In terms of a market perspective, Data Governance has increased in visibility partly because of the increase in security breaches, data security issues, and compliance requirements for various industry regulations. To secure and manage data properly, it helps to manage it at a higher level and know which of your data is sensitive in the first place. Having the foundation of a solid Data Architecture is fundamental, because without it, Data Governance and compliance are impossible. Executives will often start without knowing what processes are at work managing their data, and then realize as they start digging into it, that they’ve taken a backward approach.
“You’re not going to find the silver bullet. You’ve got to roll up your sleeves and do the work,” said Ron Huizenga, Senior Product Manager for IDERA’s ER/Studio suite. Huizenga and his colleague Joy Ruff, Product Marketing Manager for ER/Studio, recently spoke with DATAVERSITY® about current challenges in Data Governance and Data Architecture. Huizenga said, “You have to get back to basics. You’re not going to be able to just buy an off-the-shelf solution and your governance problem is solved.” Both Ruff and Huizenga believe that the key to success lies in understanding your data and how it’s used in your organization.
To govern data well, said Ruff, start down at the database level, “so that you know what your data is, how it’s related to other data, and how it’s flowing through your business.” Because “if you don’t know how your data is moving through your business, how are you going to govern it?”
For example, because compliance requires knowing who is accessing sensitive data, without identification of which data is sensitive, it’s impossible to know if it’s been accessed inappropriately. If you know the relationships between data and how it flows through the system, as well as what the lineage is from the data source to the application, “then you can know where it’s being touched all along the way,” she said.
Constraints Drive Change
General Data Protection Regulation (GDPR) and California’s Consumer Privacy Act (CCPA) are the beginning of a growing number of regulations that will increase the importance of data lineage, Ruff commented. “When a customer asks to be removed from your system, you need to figure out how to do that,” down to the database level, and possibly even in data backups.
Despite the difficulty of compliance, the regulatory process is ultimately forcing companies to get control of their data, which is something they need in order to create a successful Data Governance program.
Huizenga said that organizations are “ridiculously ineffective” at Data Governance at this point in time.

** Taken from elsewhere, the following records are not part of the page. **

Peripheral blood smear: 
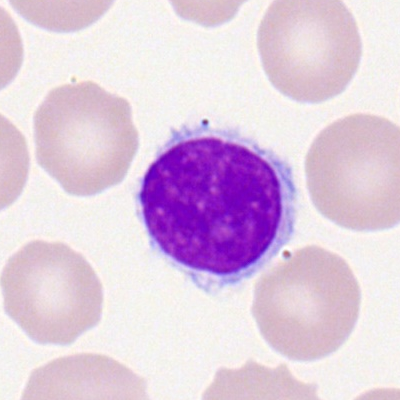
The cell type is lymphocyte.
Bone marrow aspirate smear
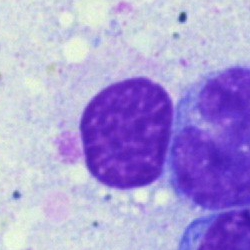
The cell shown is an artefact.
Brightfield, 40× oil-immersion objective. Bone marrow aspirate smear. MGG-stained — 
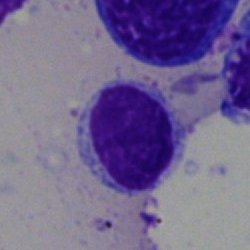

Specimen: bone marrow aspirate smear.
Morphological class: lymphocyte.
Lineage: lymphoid.
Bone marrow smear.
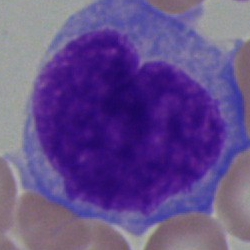
Blast.
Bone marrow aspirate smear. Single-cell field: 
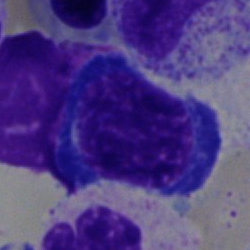Morphology consistent with a nucleated red cell.
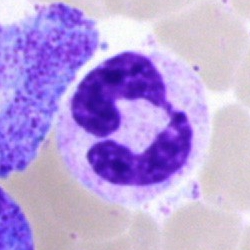
Q: What cell is this?
A: It is a neutrophil (segmented).
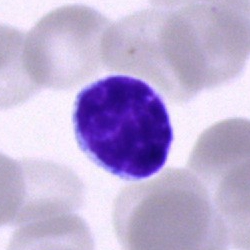 Showing a lymphocyte.
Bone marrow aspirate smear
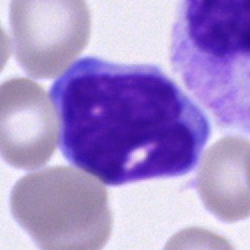 Morphology consistent with a typical lymphocyte.
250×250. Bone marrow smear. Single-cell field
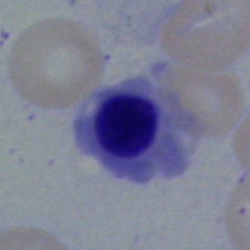
The cell type is myelocyte.
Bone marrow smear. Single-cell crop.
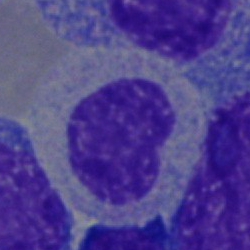
Q: Which cell type is shown here?
A: It is a metamyelocyte.
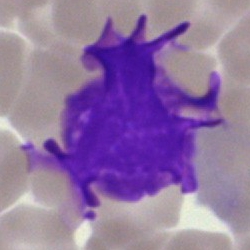
Bone marrow smear showing an artifact.
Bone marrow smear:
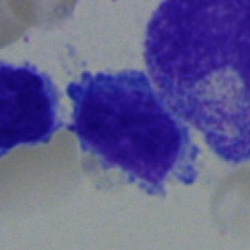
Morphology → lymphocyte.
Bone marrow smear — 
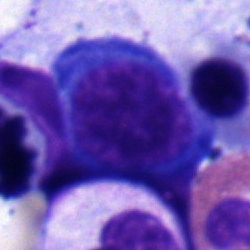 Morphology → proerythroblast.
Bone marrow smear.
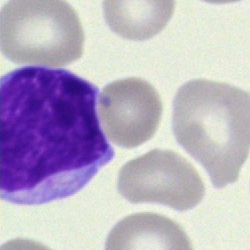A blast.
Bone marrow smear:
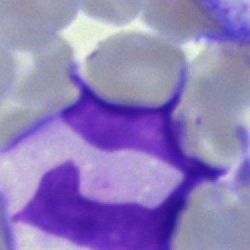

Morphological class — artefact.
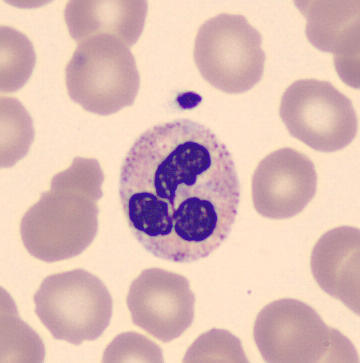

Morphology → segmented neutrophil.
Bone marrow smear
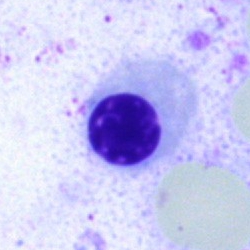 A nucleated red cell.
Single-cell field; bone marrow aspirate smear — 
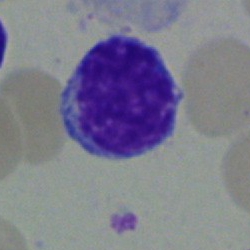 Showing a lymphocyte.
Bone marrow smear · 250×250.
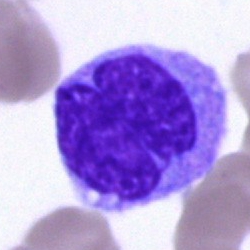 Monocyte.
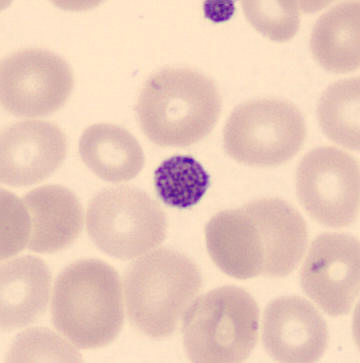

A thrombocyte.
Peripheral blood smear.
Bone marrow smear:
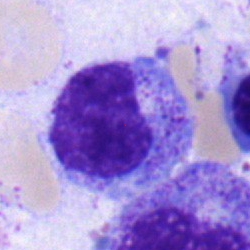Showing a metamyelocyte.
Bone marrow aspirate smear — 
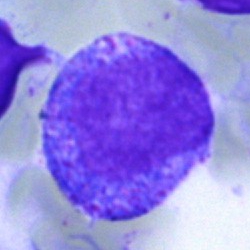

The classification is promyelocyte.
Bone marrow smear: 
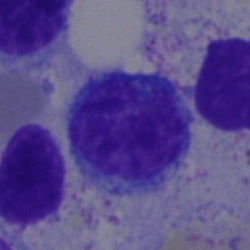
Classification — typical lymphocyte.
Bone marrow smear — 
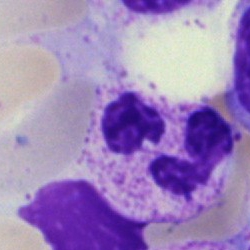Polymorphonuclear neutrophil.
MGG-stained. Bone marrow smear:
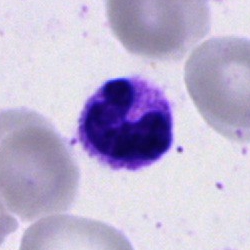
This is a polymorphonuclear neutrophil.
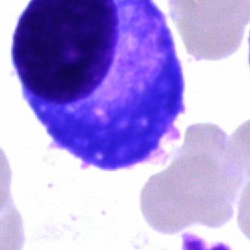

Single-cell crop from a bone marrow smear: plasmacyte.
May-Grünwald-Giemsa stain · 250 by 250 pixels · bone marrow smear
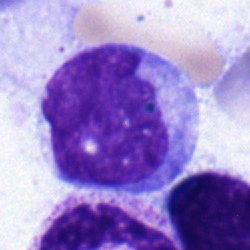 Monocyte.
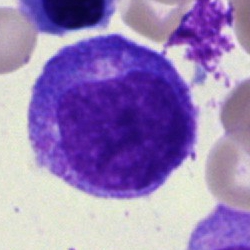
Showing a myelocyte.
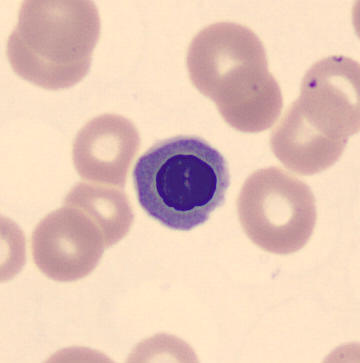

360 by 363 pixels. Specimen: peripheral blood smear.
Morphological class: nucleated red cell.

Gartner recently predicted that by the end of 2019, only 50 percent of CDOs will be successful. “And it’s not because of the people in those roles; it’s because of all the constraints that are placed upon them and the complexity of the problem that they’re trying to solve.”
Documentation and Modeling: Equal Partners
Solid documentation that arises from an intimate understanding of business processes and systems—beyond just databases and NoSQL data stores—is an important piece. Without data and process modeling, it’s impossible to understand what Huizenga calls ‘swivel-chair integration’:
“A person takes information from Point A, and puts it in Point B. Whether it’s keying from one system to another or manipulating something in a spreadsheet and uploading it to a system, there’s no way automated tools are going to catch all of that.”
Having tools and technology facilitates the process of understanding the data, where it’s stored, how it’s organized, what the processes are, and how it’s all tied together, “but it’s not the ‘easy’ button that does everything for you.”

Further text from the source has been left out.